- Assignment -
In the copy you make of the entries, no picture should appear, and every word must match.

- Stored data -
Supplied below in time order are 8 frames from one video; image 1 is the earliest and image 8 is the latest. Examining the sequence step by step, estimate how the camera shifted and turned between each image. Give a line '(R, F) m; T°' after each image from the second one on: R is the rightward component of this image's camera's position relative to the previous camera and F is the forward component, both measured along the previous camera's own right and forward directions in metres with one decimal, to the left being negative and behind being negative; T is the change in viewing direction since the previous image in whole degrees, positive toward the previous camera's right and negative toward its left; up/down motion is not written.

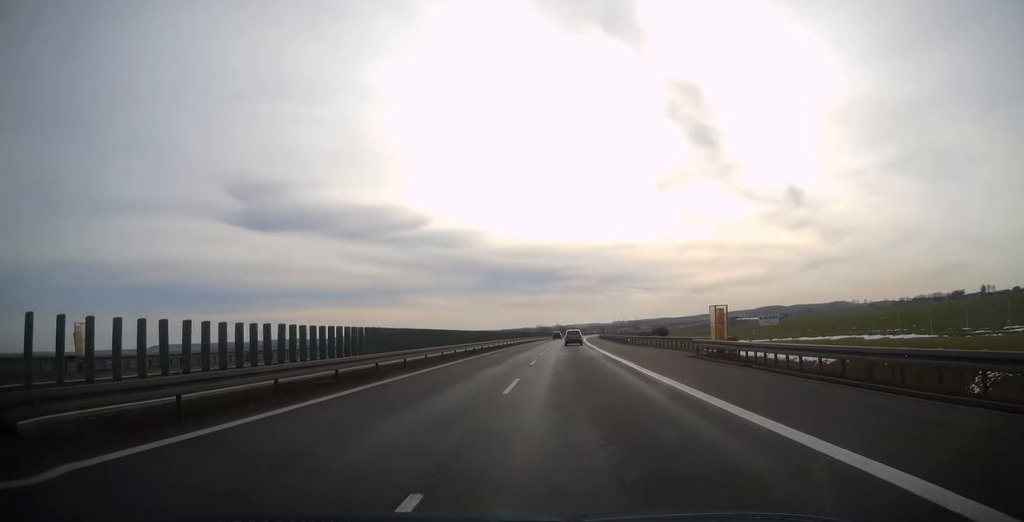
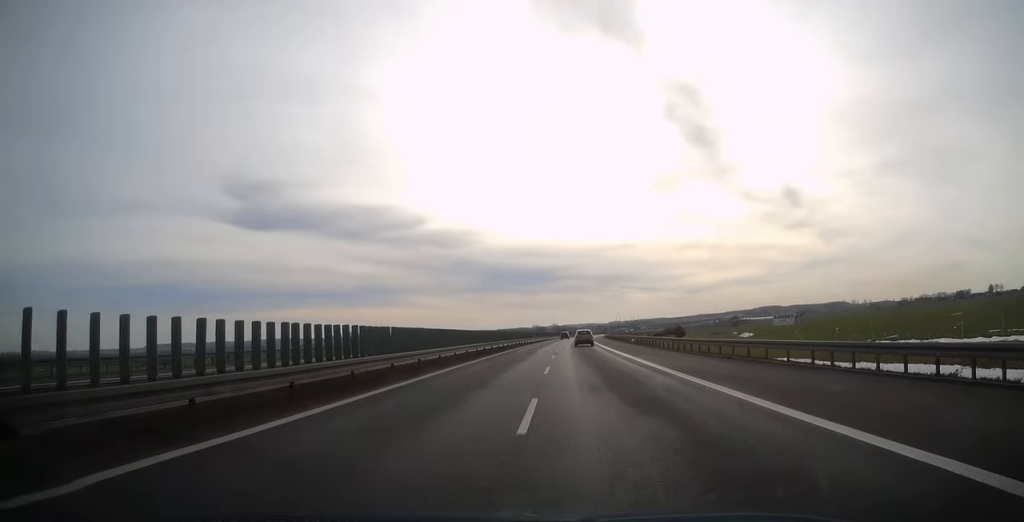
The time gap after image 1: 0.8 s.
(+0.1, +28.2) m; 0°
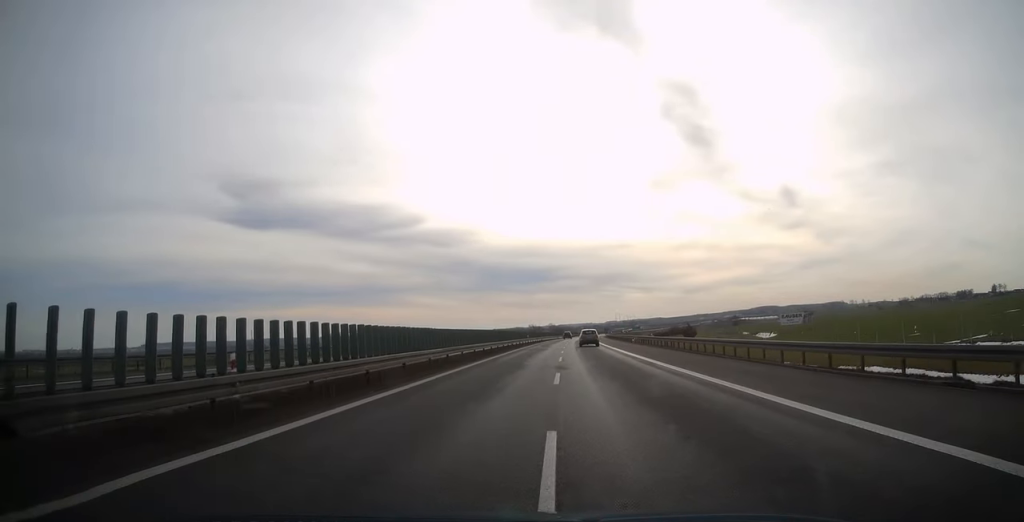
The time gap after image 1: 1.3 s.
(0.0, +15.6) m; 0°
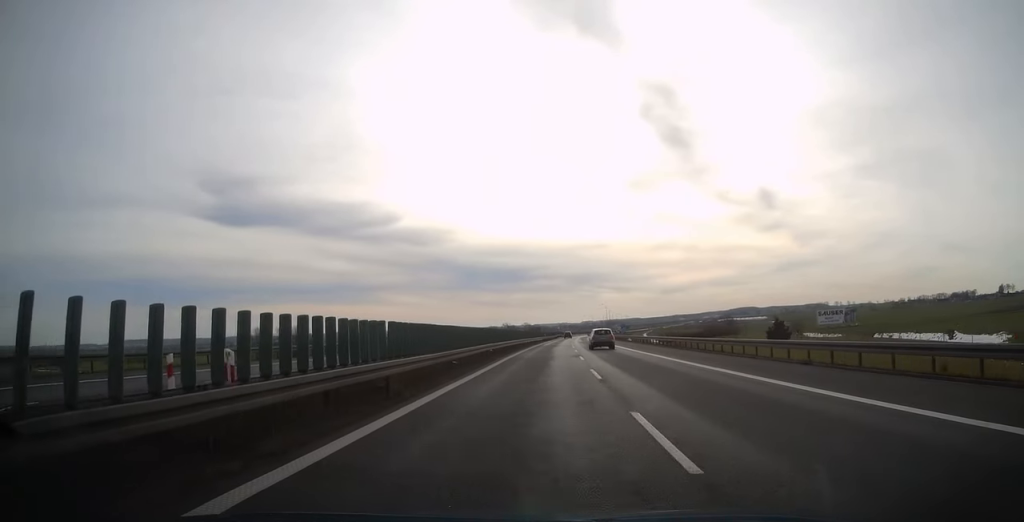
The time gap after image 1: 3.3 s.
(+1.0, +69.3) m; +2°
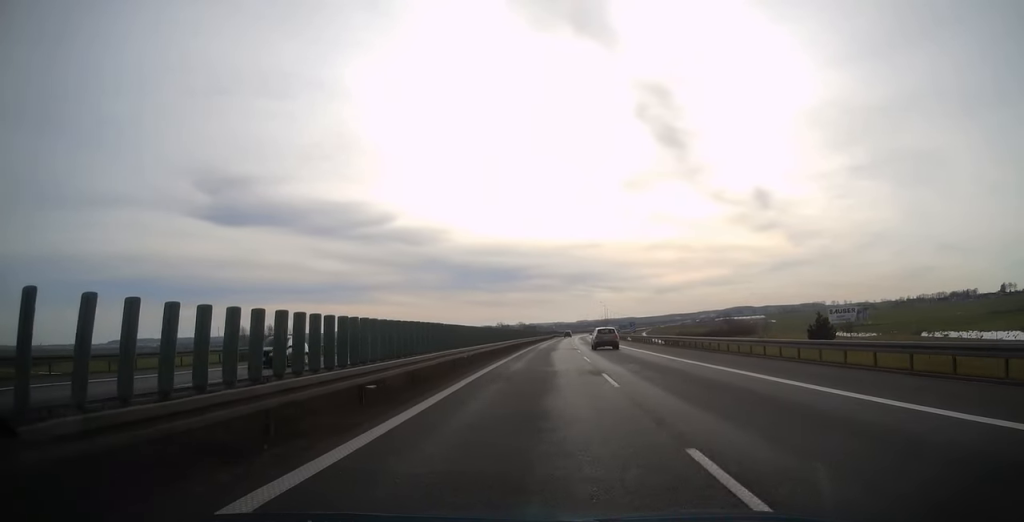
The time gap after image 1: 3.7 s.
(+0.1, +14.7) m; 0°
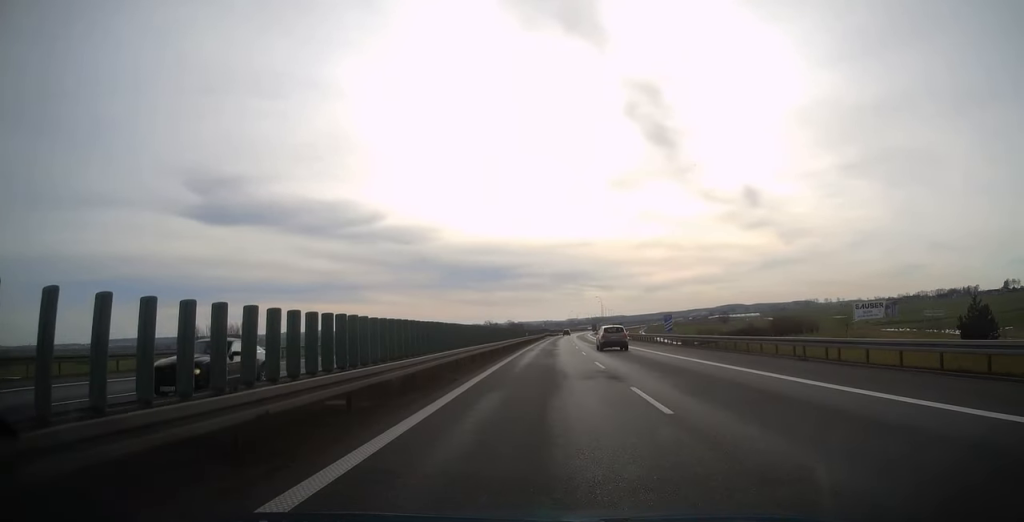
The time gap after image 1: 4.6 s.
(+0.2, +29.0) m; +1°
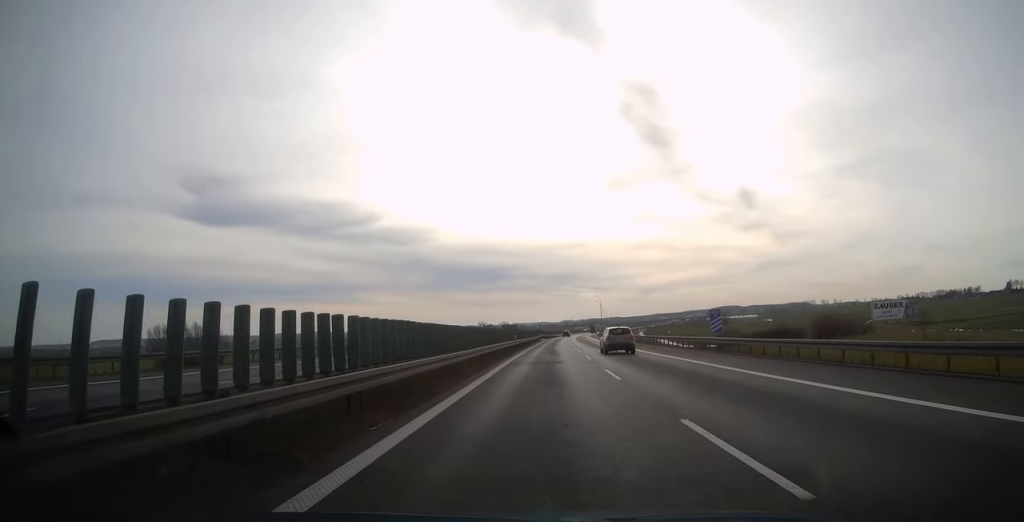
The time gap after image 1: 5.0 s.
(+0.1, +16.2) m; +1°
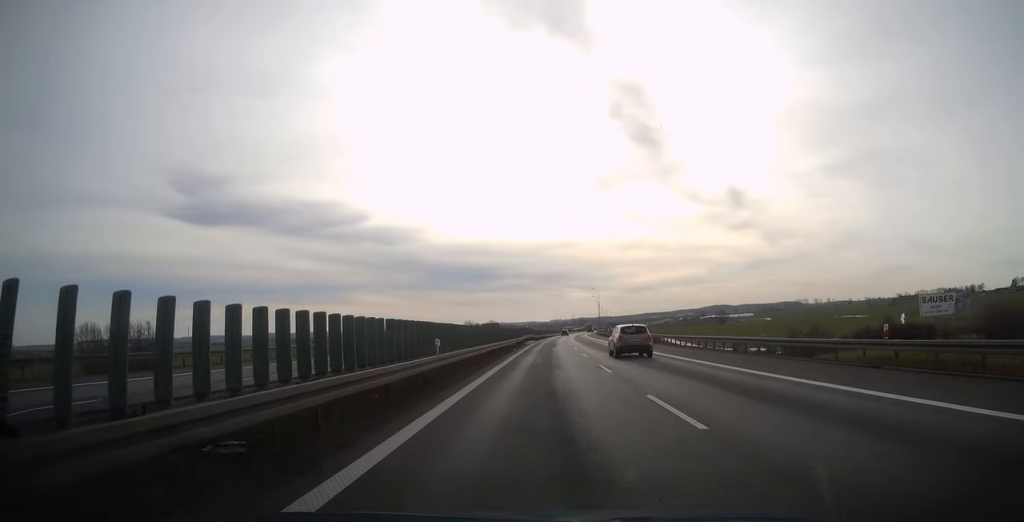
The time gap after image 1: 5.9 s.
(+0.3, +33.3) m; +1°

- Solution to this task -
Supplied below in time order are 8 frames from one video; image 1 is the earliest and image 8 is the latest. Examining the sequence step by step, estimate how the camera shifted and turned between each image. Give a line '(R, F) m; T°' after each image from the second one on: R is the rightward component of this image's camera's position relative to the previous camera and F is the forward component, both measured along the previous camera's own right and forward directions in metres with one decimal, to the left being negative and behind being negative; T is the change in viewing direction since the previous image in whole degrees, positive toward the previous camera's right and negative toward its left; up/down motion is not written.

The time gap after image 1: 0.8 s.
(+0.1, +28.2) m; 0°
The time gap after image 1: 1.3 s.
(0.0, +15.6) m; 0°
The time gap after image 1: 3.3 s.
(+1.0, +69.3) m; +2°
The time gap after image 1: 3.7 s.
(+0.1, +14.7) m; 0°
The time gap after image 1: 4.6 s.
(+0.2, +29.0) m; +1°
The time gap after image 1: 5.0 s.
(+0.1, +16.2) m; +1°
The time gap after image 1: 5.9 s.
(+0.3, +33.3) m; +1°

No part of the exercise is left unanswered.